Sur la corruption, le Bâtonnier a reconnu que la justice regorge de brebis galeuses et corrompues. Une situation qui doit changer impérativement. Il est impensable que l’odeur de la corruption pue dans les palais de justice. Me Mamadou Traoré explique que la justice étant l’ultime recours du citoyen, il importe qu’elle soit débarrassée de cette tare. «Quand les autres secteurs sont corrompus, il faut une justice forte, crédible et impartiale pour juger. Mais si celui qui doit juger est lui-même corrompu, que faire?», s’est demandé Me Traoré. La corruption, ajoute-t-il, «est un frein à l’investissement car les investisseurs ne prennent jamais le risque d’investir là où il y a insécurité juridique. Me Ameth Bâ du Barreau du Sénégal a renchéri en disant que « la corruption en milieu judiciaire a besoin d’un coup de balai citoyen.»

Des handicaps ?
Se prononçant sur le thème même de la rentrée, le Pr Joseph Djogbenou, professeur agrégé et avocat au Barreau du Bénin, dira que le domaine des investissements échappe jusqu’à présent aux avocats, surtout de l’espace Uemoa, et la conférence inaugurale qu’il a livrée l’a souligné. De nombreuses dispositions, mêmes intellectuelles, manquent à des avocats, faisant d’eux «des handicapés» se limitant au prétoire. Il a suggéré que les Barreaux mettent l’accent sur la formation. L’avocat Joseph Djogbenou a ensuite tracé les sillons pour que les avocats prennent d’assaut les nombreux secteurs des investissements, non sans avoir énuméré les goulots d’étranglement : le manque de compétences et d’organisation.

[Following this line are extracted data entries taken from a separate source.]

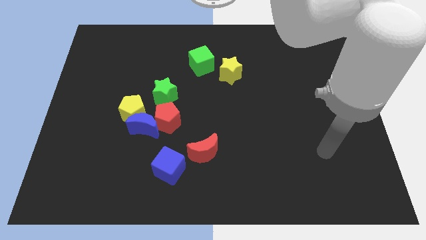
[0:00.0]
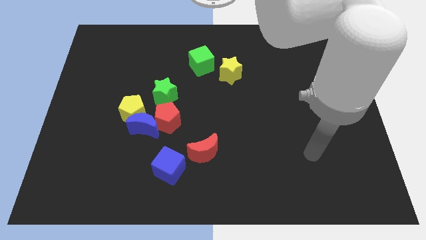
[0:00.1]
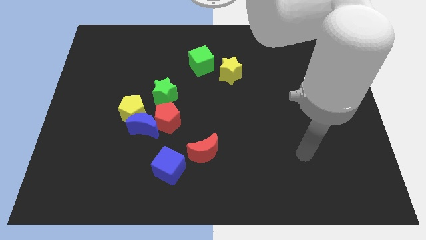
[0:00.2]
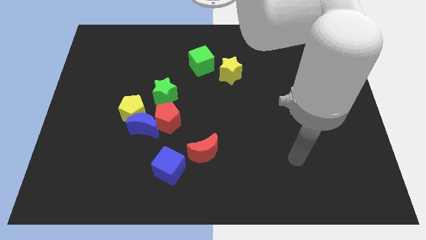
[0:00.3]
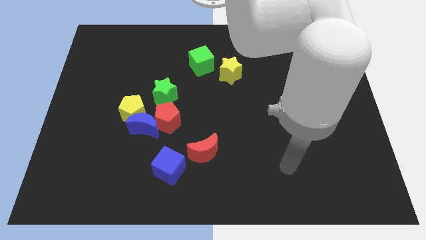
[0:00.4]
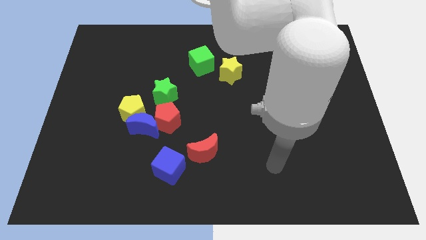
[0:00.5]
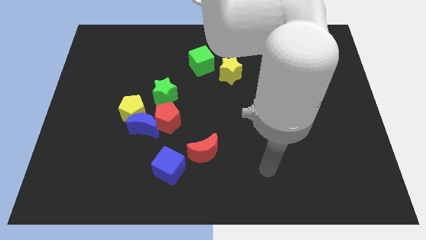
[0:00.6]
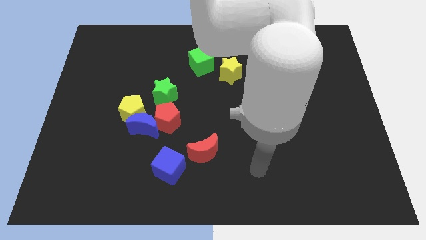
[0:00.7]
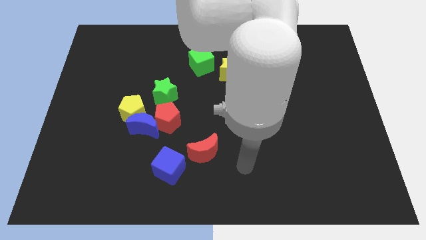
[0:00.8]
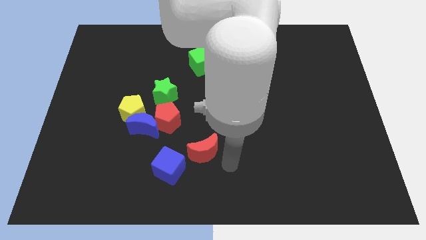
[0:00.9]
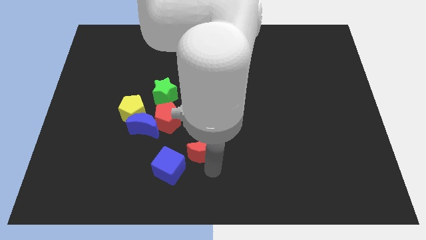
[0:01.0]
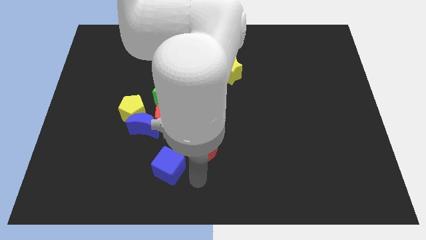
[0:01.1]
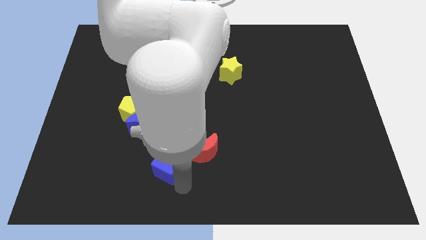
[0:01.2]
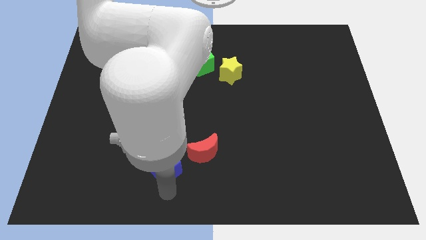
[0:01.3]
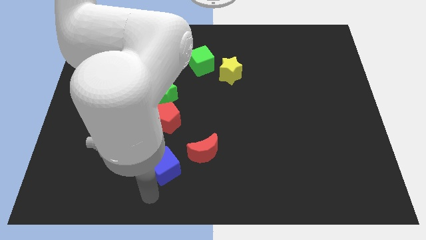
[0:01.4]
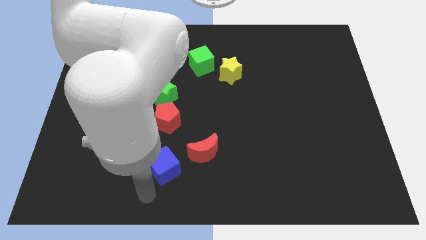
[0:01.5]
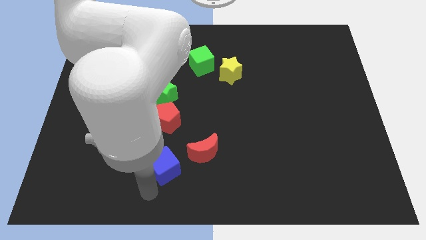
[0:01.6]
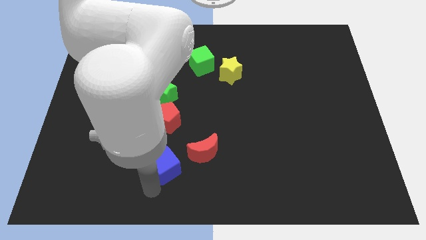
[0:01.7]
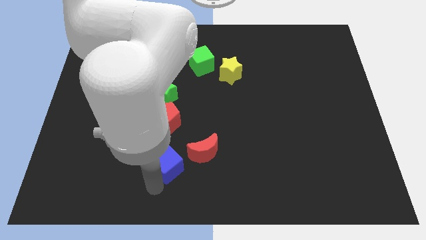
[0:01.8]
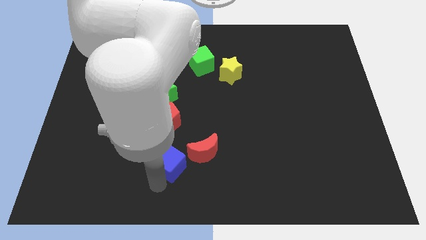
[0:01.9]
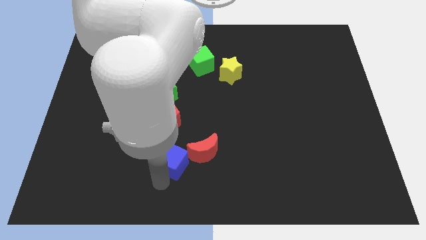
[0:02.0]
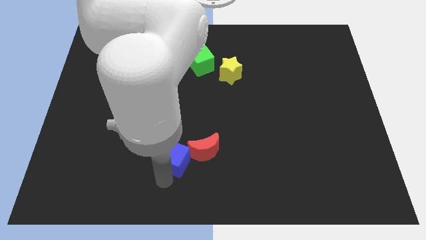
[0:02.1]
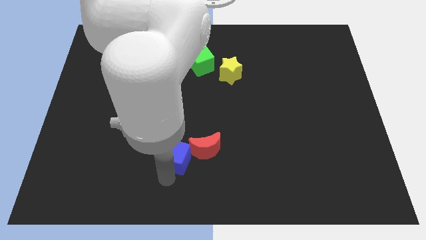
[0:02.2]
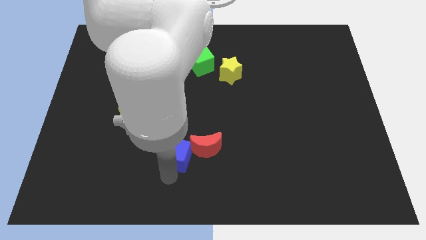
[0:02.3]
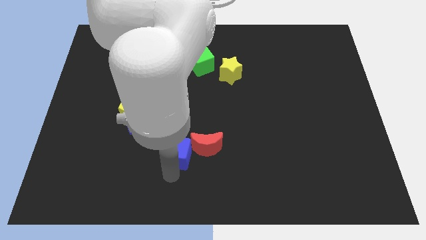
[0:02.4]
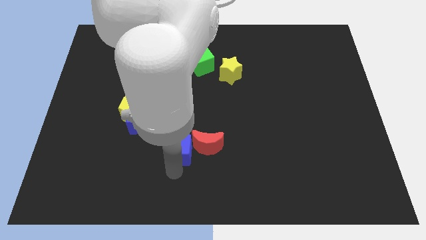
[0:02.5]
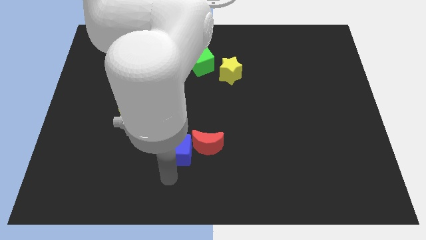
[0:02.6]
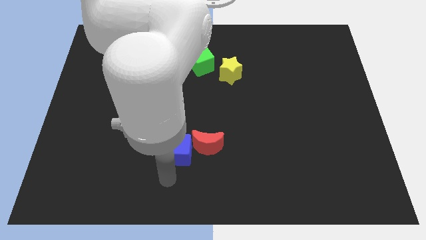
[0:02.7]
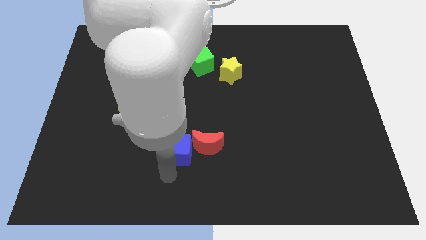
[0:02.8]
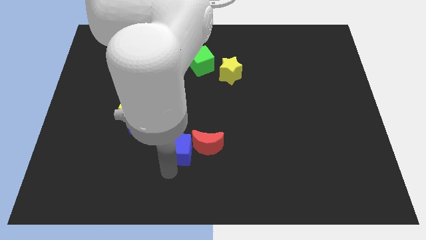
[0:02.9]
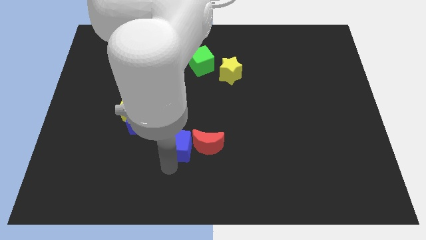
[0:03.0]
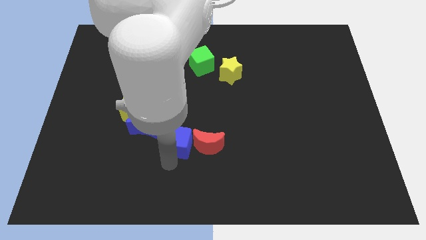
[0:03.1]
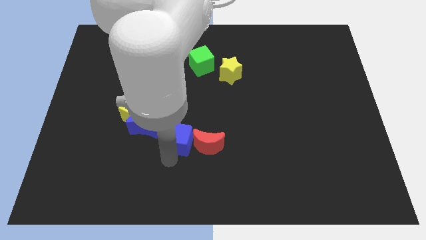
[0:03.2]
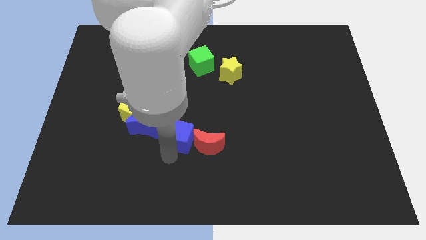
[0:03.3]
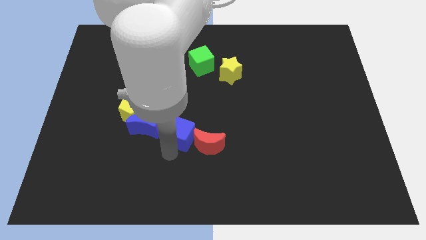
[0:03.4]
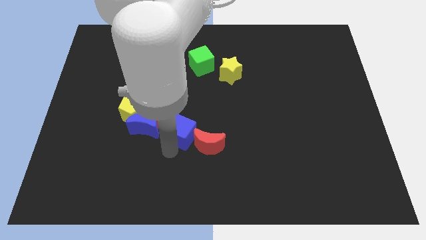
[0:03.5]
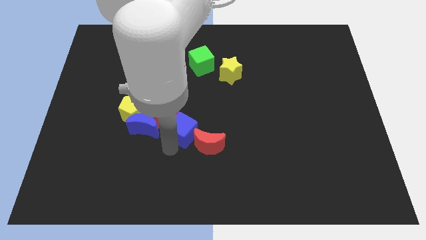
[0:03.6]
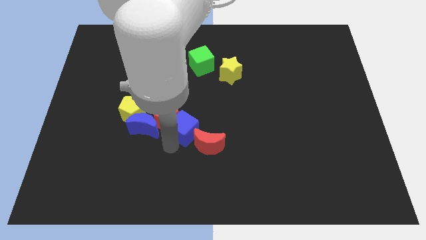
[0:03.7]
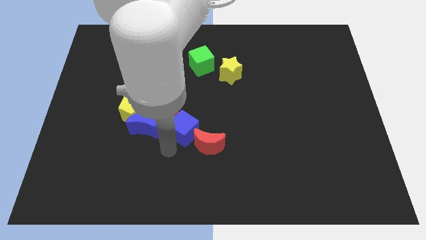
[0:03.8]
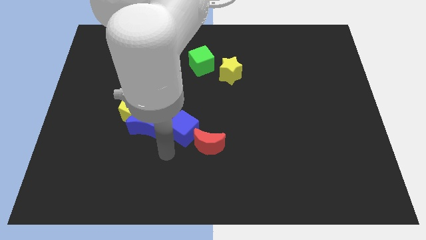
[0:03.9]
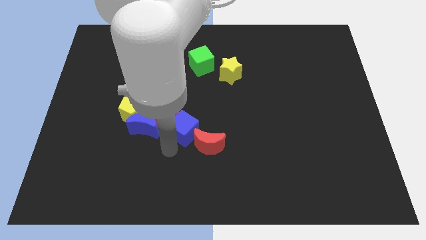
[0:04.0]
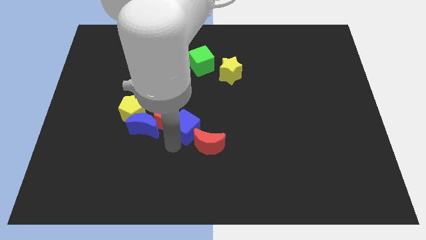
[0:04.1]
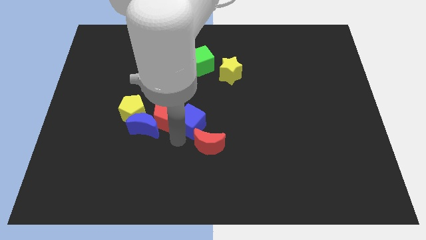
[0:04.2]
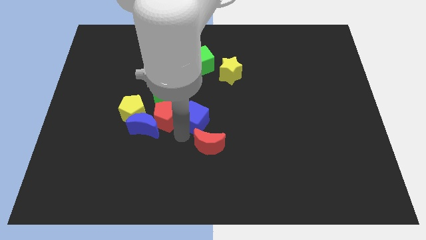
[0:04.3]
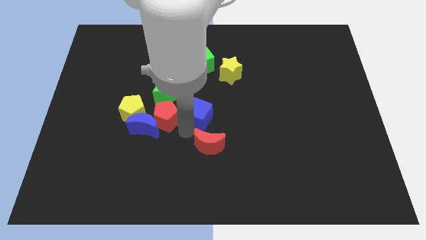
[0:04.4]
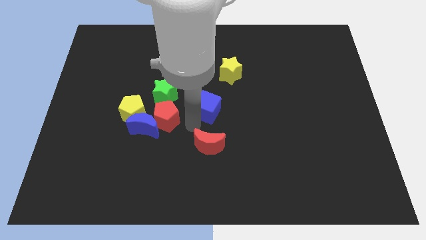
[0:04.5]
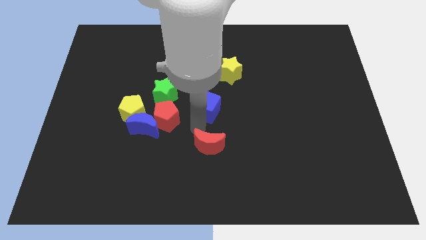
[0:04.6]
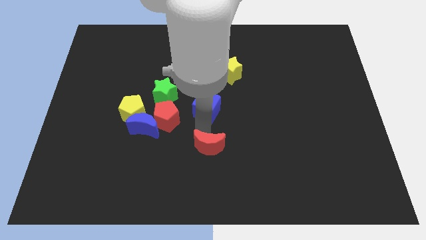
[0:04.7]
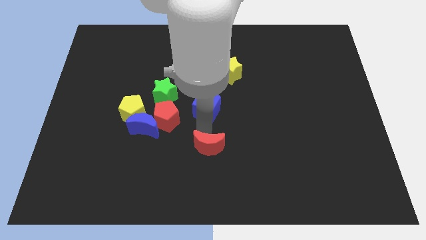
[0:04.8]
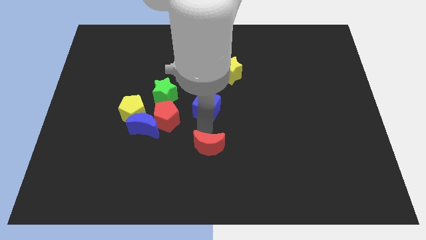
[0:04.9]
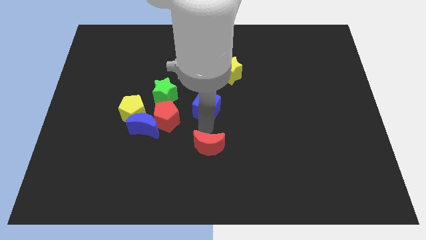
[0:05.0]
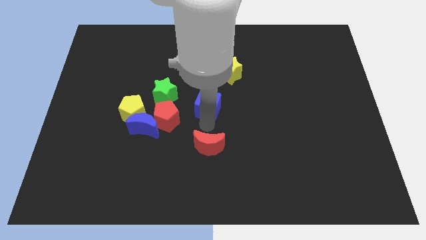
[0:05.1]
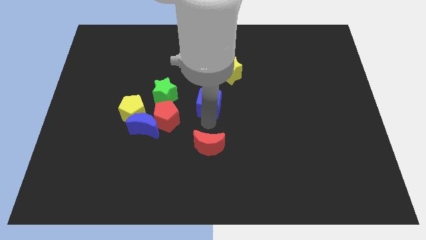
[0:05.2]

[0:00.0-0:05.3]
move the blue cube to the bottom left side of the yellow star

Il a regretté que les avocats accompagnent de moins en moins les investissements, par manque de dispositions intellectuelles, a-t-il précisé. D’où la nécessité de la formation et du regroupement des avocats. Le regroupement, explique-t-il, semble une solution car «nul ne peut tout faire tout seul.» La gouvernance des investissements ne concerne pas uniquement l’implication des avocats mais les fonds encaissés par les avocats pour leurs prestations doivent aussi être surveillés. A ce titre, la Caisse autonome des règlements pécuniaires des avocats (Carpa) reste la solution.

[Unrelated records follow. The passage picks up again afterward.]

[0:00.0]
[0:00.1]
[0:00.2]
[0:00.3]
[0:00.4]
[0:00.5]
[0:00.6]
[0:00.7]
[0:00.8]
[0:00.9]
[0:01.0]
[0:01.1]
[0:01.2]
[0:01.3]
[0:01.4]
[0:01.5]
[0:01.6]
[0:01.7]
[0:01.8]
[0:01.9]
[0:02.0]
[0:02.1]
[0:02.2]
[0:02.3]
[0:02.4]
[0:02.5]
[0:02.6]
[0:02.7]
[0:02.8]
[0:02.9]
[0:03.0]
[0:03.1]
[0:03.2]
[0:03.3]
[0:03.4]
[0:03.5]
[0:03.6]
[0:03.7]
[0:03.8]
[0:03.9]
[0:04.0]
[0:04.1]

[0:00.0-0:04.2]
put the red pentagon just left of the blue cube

Selon Me Bernard Vatier, secrétaire général de la Conférence internationale des Barreaux, les Carpa sont un moyen de moraliser la profession.
La raison est qu’elles évitent la manipulation des fonds par les avocats. Le Bâtonnier, avec son titre, a l’opportunité de vérifier l’origine des fonds et au mieux de les renvoyer «en disant que l’argent est sale», explique Me Bernard Vatier avant d’ajouter que la Carpa peut contribuer inévitablement à lutter contre la corruption et le blanchiment des capitaux. Son souhait est que les Barreaux entament une marche vers des Carpa régionales. Pour sa part, il s’est dit favorable à une Carpa unique pour tous les avocats, du moins pour la zone francophone, une caisse gérée par une seule banque. Les mécanismes pour y arriver existent et les avantages en termes de lutte contre le blanchiment sont légion.